「フレンチ・ディスパッチ ザ・リバティ、カンザス・イヴニング・サン別冊」

「フレンチ・ディスパッチ ザ・リバティ、カンザス・イヴニング・サン別冊」©︎2021 20th Century Studios. All rights reserved.

2022.1.27

「フレンチ・ディスパッチ ザ・リバティ、カンザス・イヴニング・サン別冊」

毎週公開される新作映画、どれを見るべきか? 見ざるべきか? 毎日新聞に執筆する記者、ライターが一刀両断。褒めてばかりではありません。時には愛あるダメ出しも。複数の筆者が、それぞれの視点から鋭く評します。筆者は、勝田友巳(勝)、高橋諭治(諭)、細谷美香(細)、鈴木隆(鈴)、山口久美子(久)、倉田陶子(倉)、渡辺浩(渡)、木村光則(光)、屋代尚則(屋)、坂本高志(坂)。

舞台はフランスの架空の街にある、雑誌「フレンチ・ディスパッチ」の編集部。編集長(ビル・マーレイ)が急死し、彼の遺言によって雑誌の廃刊が決まる。社会問題からアートにグルメまで、さまざまな話題を独自の視点で取り上げてきた人気雑誌に掲載された四つの記事を振り返る、オムニバス形式の物語。

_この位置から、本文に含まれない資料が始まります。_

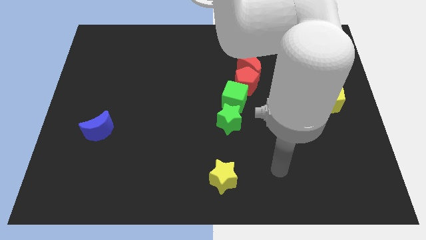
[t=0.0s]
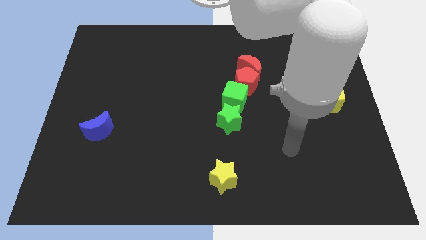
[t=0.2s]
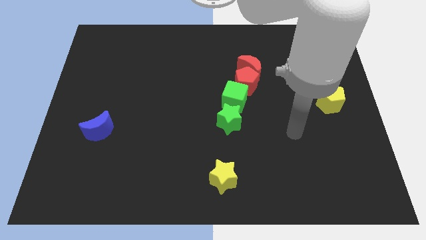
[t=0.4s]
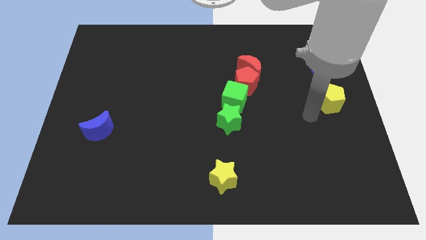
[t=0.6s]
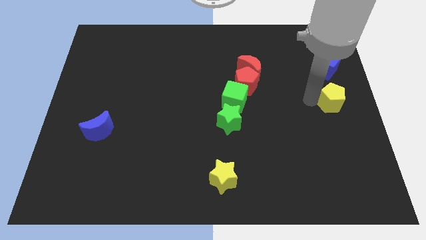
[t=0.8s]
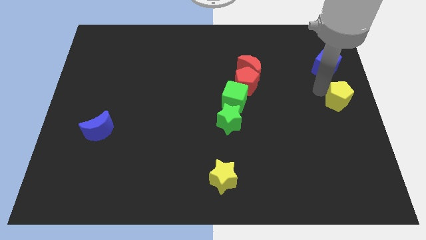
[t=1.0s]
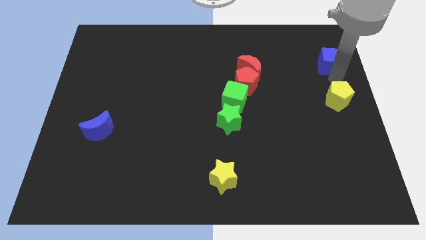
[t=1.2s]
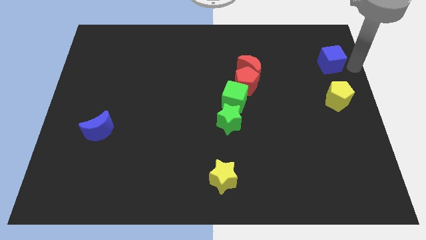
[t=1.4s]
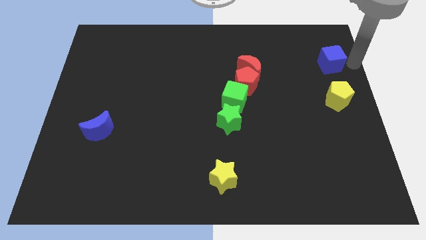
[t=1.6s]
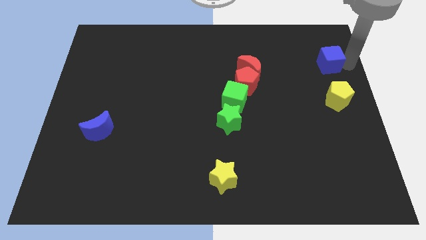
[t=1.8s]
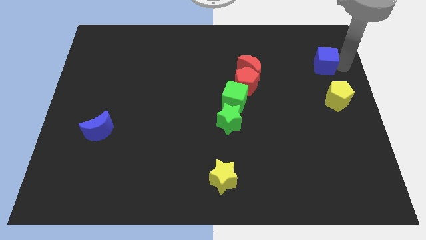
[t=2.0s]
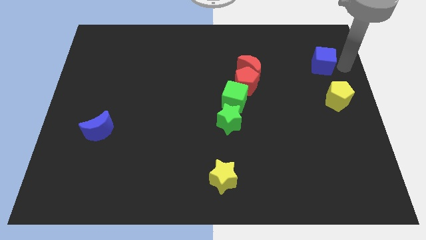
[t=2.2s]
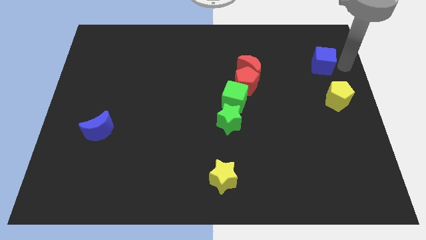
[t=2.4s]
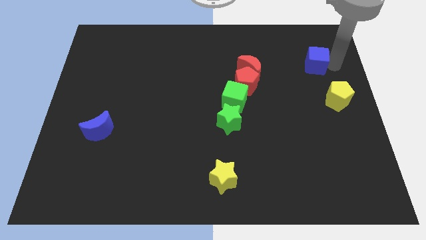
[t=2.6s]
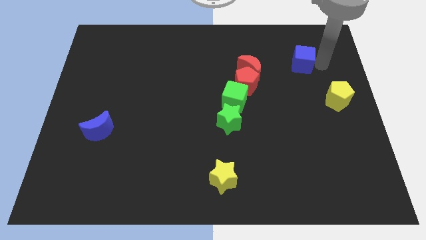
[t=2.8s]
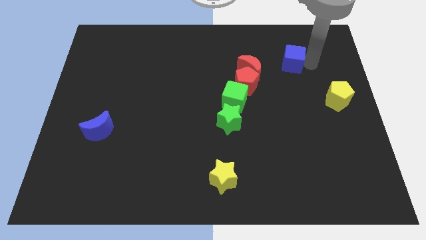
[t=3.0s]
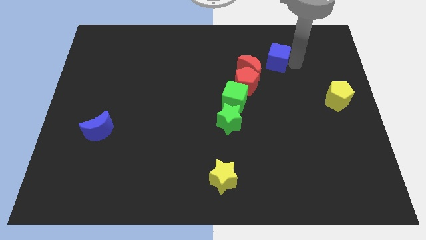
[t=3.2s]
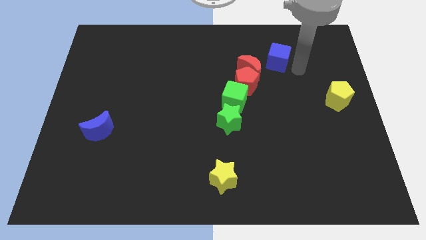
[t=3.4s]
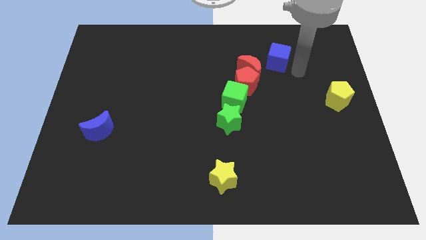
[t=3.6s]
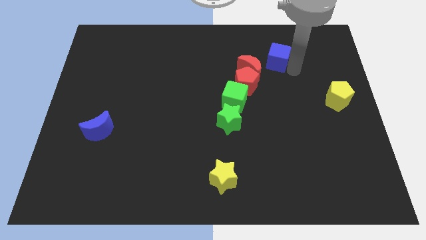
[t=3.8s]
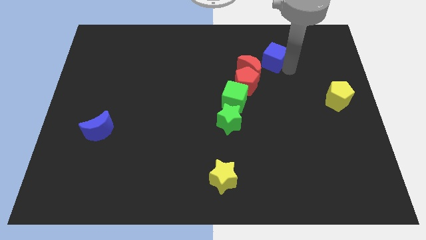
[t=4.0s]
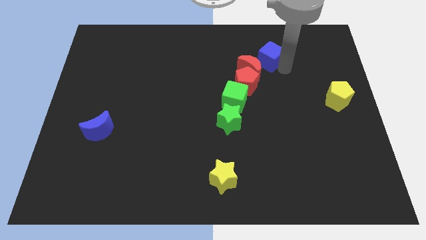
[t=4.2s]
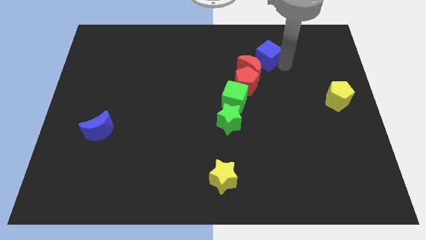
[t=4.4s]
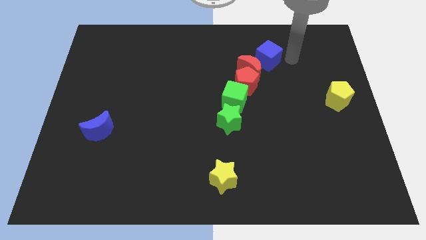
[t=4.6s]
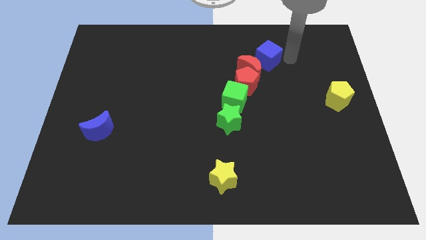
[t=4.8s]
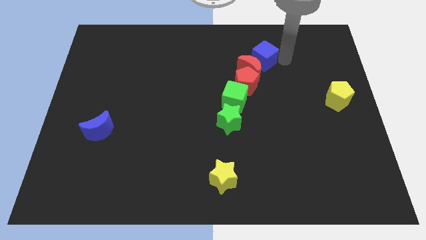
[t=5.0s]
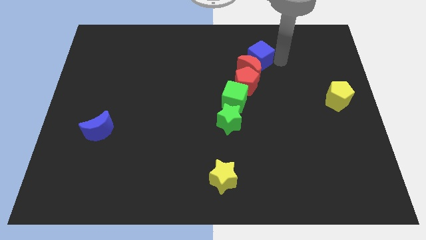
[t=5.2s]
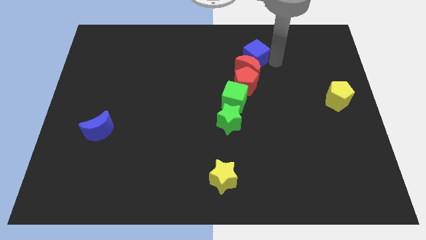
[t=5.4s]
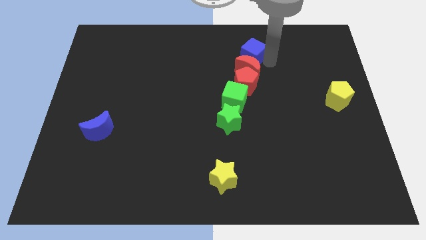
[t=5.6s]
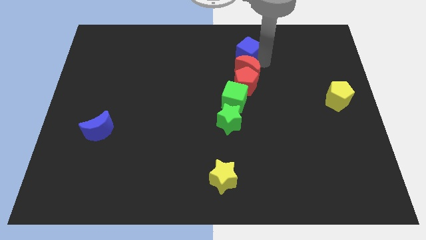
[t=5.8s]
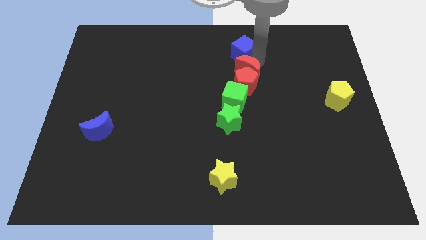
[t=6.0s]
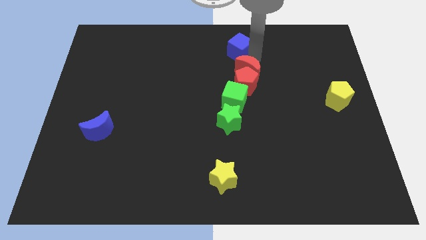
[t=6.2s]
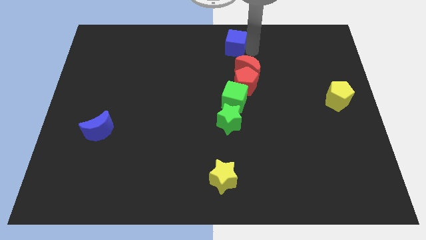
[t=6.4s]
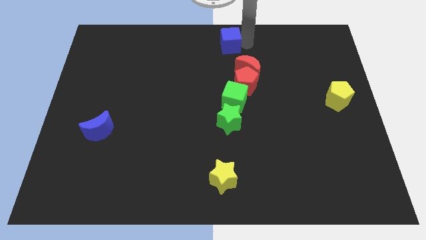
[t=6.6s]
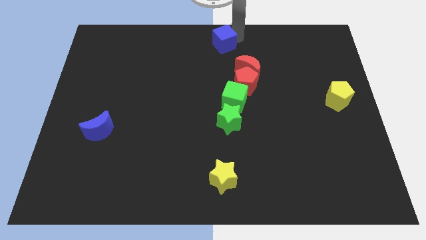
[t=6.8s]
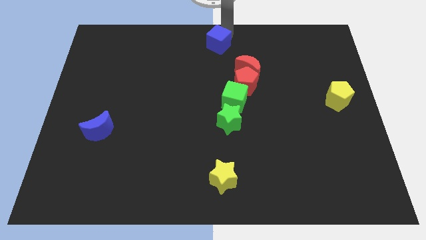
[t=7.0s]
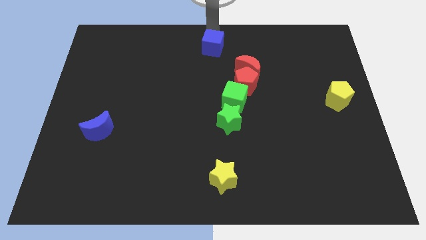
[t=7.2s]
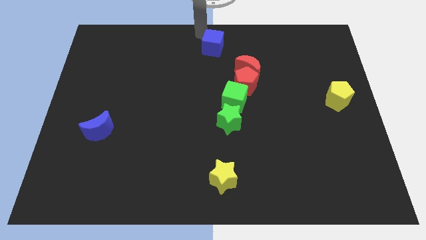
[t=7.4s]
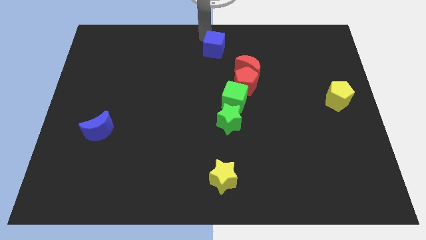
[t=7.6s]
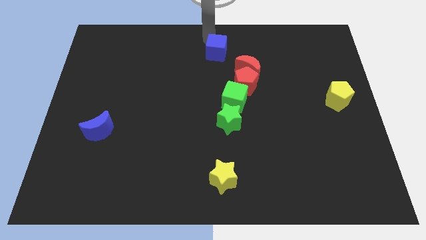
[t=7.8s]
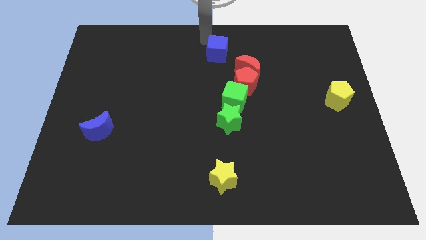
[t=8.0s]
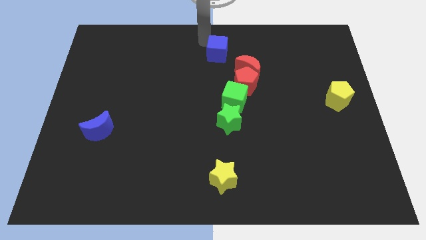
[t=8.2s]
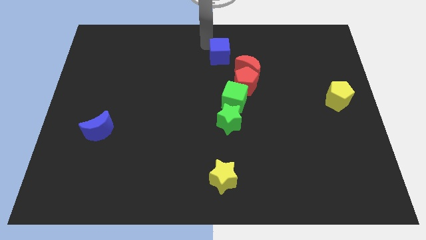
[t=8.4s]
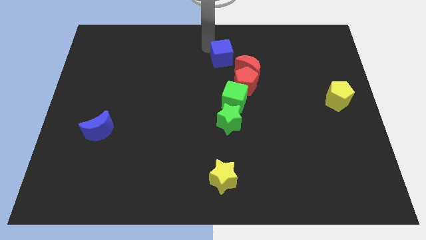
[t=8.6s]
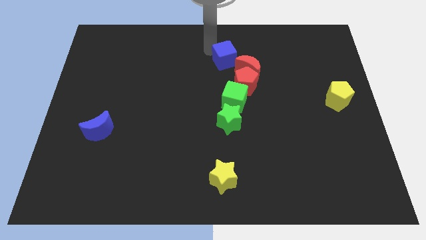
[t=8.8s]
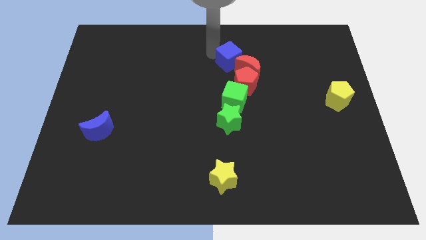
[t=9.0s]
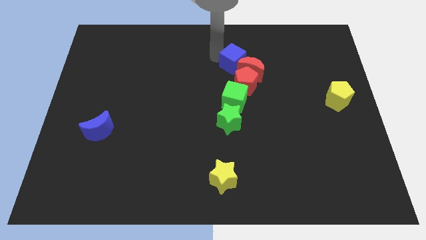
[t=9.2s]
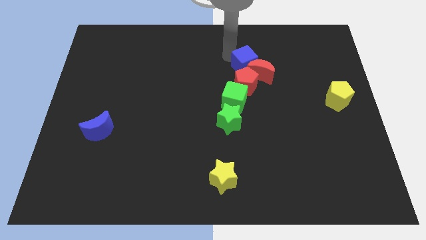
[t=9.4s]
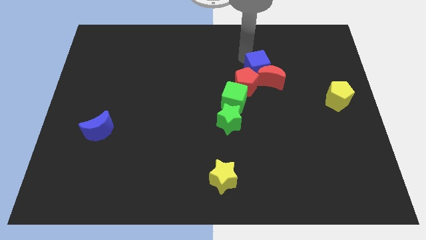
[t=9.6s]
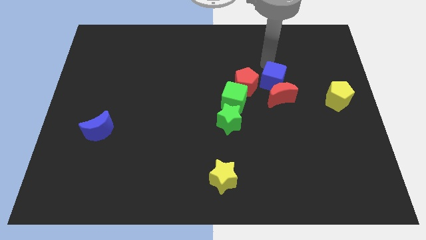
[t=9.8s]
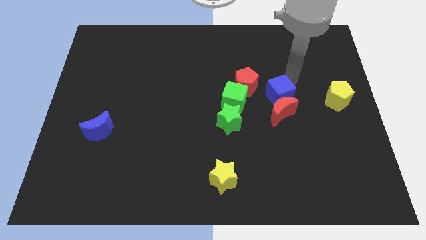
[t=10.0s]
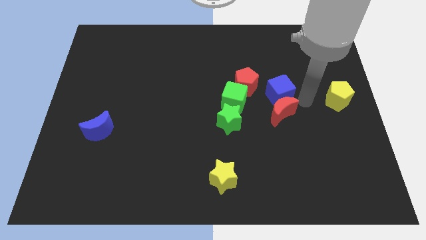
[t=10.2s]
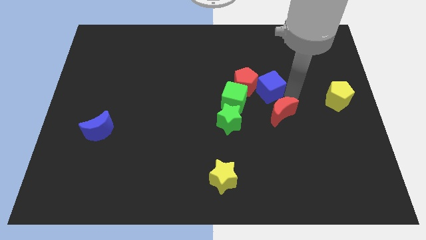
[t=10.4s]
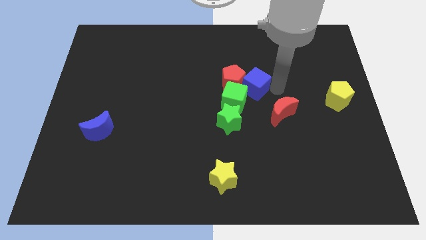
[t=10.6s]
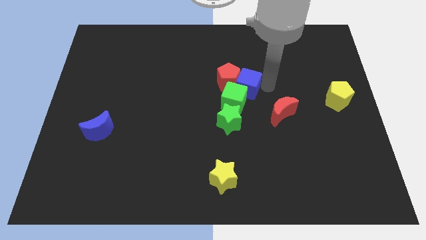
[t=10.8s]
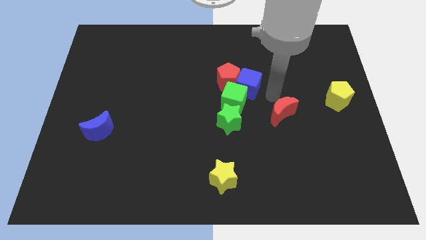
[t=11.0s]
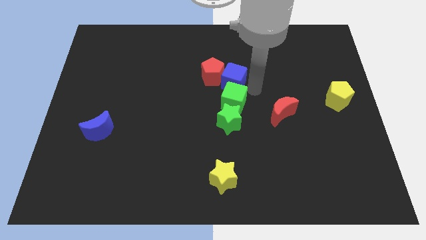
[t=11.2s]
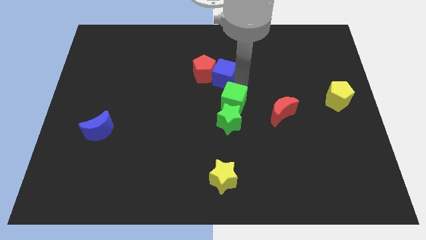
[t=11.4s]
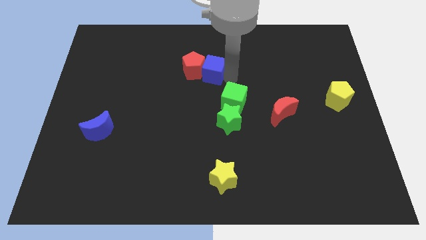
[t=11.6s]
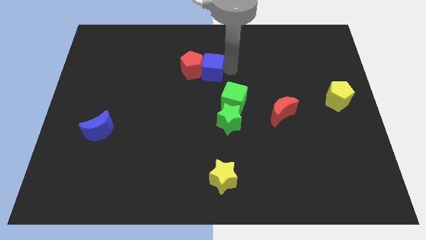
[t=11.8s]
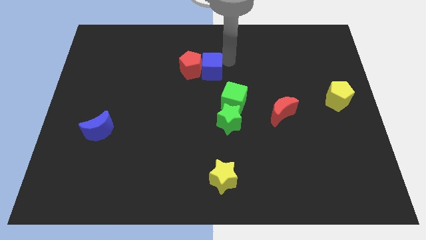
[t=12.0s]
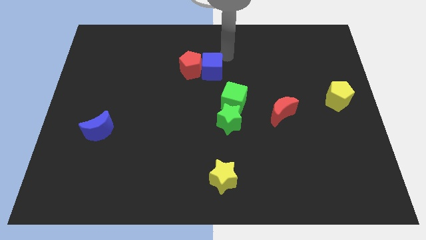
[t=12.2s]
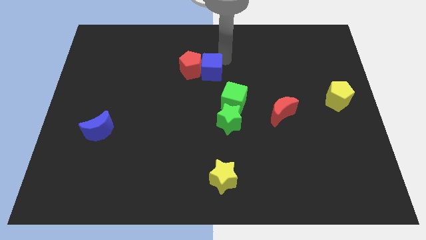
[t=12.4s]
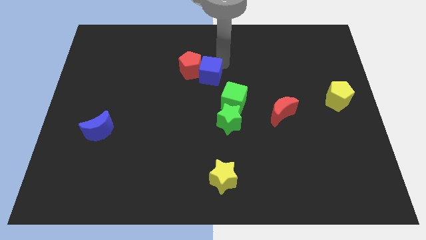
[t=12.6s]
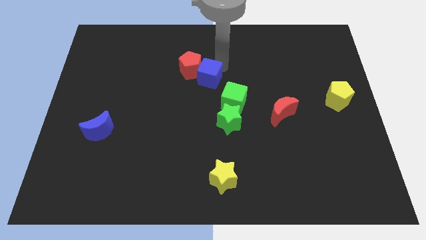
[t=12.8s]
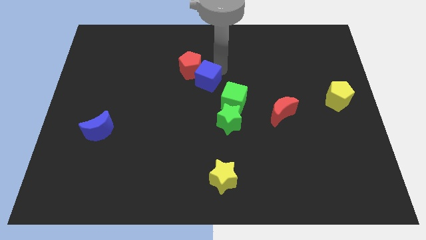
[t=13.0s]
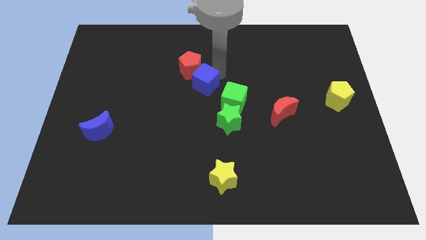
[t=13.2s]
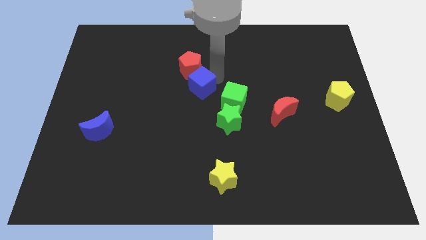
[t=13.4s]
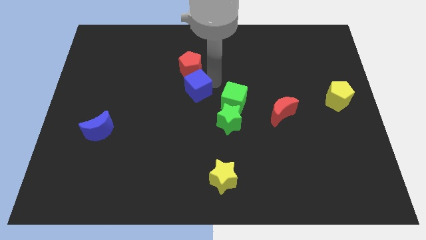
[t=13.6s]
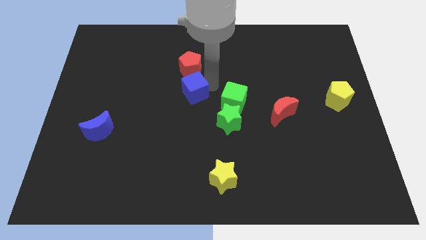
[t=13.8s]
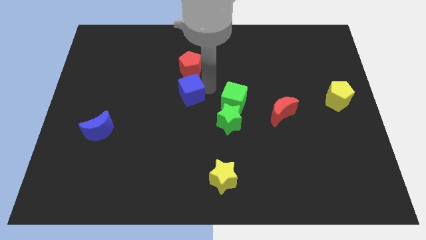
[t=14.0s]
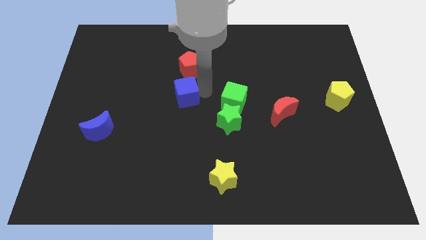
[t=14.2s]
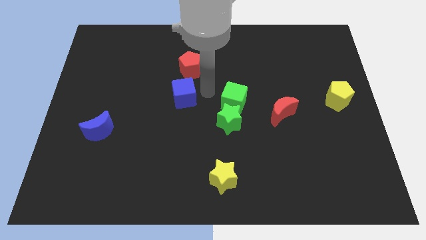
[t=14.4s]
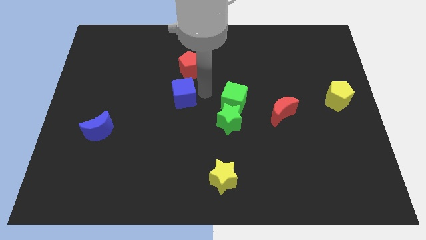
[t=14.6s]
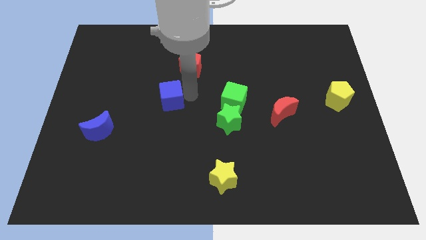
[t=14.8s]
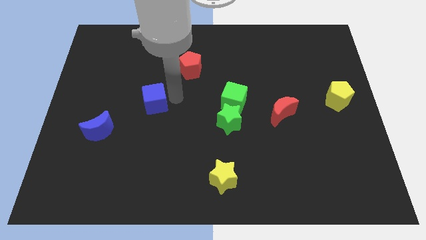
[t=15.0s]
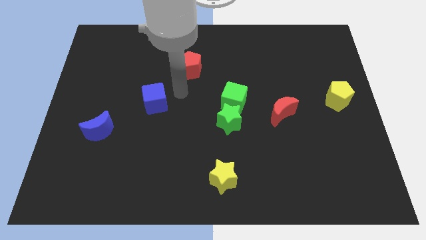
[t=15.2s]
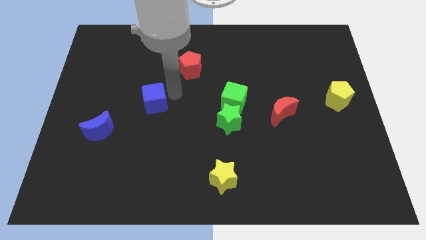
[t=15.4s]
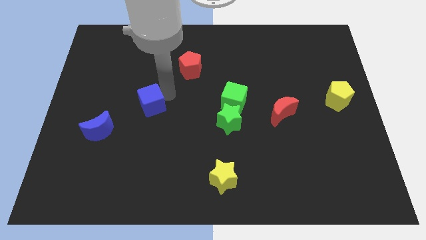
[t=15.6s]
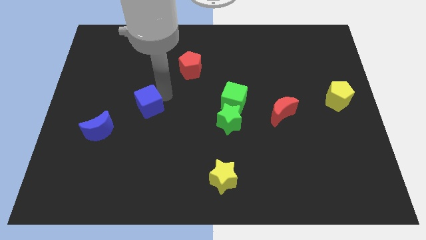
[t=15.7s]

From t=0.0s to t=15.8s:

ベニチオ・デル・トロ、ティモシー・シャラメ、レア・セドゥなど、数えきれない豪華キャストだけでも画面がぜいたくなのだが、次々と移り変わる一つ一つのシーンはモノクロやアニメなど手法を切り替え、背景の細部まで整えられ、完璧なまでに美しい。まさに、丁寧に編集された1冊の雑誌だ。四つの物語もそれぞれ個性的でセンスが良さそうなのだが、私は写真やレイアウトに見とれるあまり本文を読むのがおろそかになってしまったらしい。これが本当に雑誌だったら、部屋に飾って何度も手に取り、ゆっくりぺージをめくれるのに。ウェス・アンダーソン監督。1時間48分。東京・TOHOシネマズシャンテ、大阪ステーションシティシネマほか。(久)

異論あり

 何とぜいたくで、やりたい放題の映画だろう。風変わりな登場人物、手作りのぬくもりあるパステル調のセット、縦横無尽のカメラワーク……。奇想に満ちた映像世界の視覚的な愉悦は、比類なきレベル。だが、ごちそうも過ぎれば胃もたれするように、脳内の処理にてんてこ舞い。(諭)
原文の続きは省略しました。